■ **What is needed**
Nothing outside the range is wanted. Repeat exactly the lines below from the one with "longitude: 4.8035" through the one with "latitude: 42.4294".

■ **Stored data**
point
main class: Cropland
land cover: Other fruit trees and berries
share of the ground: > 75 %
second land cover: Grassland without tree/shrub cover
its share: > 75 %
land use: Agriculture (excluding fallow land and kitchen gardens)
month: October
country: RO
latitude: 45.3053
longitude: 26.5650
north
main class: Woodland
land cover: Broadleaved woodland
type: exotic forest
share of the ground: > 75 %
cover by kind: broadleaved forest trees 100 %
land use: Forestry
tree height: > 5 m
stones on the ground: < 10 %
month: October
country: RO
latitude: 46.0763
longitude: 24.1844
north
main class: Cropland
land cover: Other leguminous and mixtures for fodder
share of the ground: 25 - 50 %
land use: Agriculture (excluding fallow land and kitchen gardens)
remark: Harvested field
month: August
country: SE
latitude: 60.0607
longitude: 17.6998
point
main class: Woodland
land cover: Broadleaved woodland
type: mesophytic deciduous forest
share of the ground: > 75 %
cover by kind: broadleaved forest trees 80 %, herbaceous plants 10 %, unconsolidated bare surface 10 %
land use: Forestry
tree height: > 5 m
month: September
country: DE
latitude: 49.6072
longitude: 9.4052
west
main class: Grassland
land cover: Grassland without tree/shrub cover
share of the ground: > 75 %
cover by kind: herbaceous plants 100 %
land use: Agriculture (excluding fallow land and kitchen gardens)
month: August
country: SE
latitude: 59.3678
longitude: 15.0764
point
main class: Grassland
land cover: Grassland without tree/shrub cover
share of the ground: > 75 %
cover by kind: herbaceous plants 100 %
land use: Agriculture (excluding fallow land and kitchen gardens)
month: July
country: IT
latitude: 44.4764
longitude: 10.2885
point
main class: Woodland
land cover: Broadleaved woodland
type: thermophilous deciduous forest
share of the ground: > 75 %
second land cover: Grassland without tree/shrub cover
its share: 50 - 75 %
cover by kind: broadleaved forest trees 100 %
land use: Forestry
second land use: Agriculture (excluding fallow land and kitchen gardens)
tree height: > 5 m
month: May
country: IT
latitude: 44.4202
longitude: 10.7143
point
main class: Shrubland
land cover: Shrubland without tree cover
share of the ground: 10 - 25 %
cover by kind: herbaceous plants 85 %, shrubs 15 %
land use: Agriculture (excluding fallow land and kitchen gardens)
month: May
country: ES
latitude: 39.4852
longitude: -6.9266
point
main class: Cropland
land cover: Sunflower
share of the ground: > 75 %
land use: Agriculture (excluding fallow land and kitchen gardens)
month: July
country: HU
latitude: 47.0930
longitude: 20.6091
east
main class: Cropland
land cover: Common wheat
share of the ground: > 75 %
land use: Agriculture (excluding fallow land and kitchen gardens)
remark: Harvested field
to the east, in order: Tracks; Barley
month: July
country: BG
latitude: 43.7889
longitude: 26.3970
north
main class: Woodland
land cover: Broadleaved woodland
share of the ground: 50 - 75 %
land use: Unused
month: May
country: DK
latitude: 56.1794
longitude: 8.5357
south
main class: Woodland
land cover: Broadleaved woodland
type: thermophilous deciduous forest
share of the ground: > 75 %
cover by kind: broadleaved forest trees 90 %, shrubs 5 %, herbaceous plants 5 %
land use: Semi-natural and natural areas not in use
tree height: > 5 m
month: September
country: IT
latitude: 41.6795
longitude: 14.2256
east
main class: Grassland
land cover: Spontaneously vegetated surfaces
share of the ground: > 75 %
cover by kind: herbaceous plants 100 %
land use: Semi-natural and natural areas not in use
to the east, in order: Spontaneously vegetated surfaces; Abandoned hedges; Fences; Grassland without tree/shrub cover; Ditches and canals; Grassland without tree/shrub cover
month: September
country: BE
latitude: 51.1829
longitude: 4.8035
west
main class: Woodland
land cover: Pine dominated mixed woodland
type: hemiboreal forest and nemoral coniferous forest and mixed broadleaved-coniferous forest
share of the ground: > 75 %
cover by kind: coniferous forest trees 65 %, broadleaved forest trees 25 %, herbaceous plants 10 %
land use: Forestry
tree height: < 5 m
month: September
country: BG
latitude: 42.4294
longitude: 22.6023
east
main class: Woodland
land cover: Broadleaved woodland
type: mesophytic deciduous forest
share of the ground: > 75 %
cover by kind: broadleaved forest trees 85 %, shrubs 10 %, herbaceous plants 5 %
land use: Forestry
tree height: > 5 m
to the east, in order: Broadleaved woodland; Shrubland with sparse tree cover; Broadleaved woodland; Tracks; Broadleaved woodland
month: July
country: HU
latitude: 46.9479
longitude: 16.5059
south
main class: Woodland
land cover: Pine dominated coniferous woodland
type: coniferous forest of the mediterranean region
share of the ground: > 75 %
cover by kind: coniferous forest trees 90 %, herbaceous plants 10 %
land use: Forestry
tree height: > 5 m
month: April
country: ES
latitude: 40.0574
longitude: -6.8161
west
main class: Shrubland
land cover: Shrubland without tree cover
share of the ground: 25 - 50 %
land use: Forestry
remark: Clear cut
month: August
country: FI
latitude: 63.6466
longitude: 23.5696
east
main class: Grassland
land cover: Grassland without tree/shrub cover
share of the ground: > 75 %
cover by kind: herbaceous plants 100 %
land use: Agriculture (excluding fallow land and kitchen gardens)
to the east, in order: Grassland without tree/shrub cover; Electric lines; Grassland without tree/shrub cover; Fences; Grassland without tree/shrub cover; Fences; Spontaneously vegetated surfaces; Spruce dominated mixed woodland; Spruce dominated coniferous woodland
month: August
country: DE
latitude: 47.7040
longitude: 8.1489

■ **Your response**
longitude: 4.8035
west
main class: Woodland
land cover: Pine dominated mixed woodland
type: hemiboreal forest and nemoral coniferous forest and mixed broadleaved-coniferous forest
share of the ground: > 75 %
cover by kind: coniferous forest trees 65 %, broadleaved forest trees 25 %, herbaceous plants 10 %
land use: Forestry
tree height: < 5 m
month: September
country: BG
latitude: 42.4294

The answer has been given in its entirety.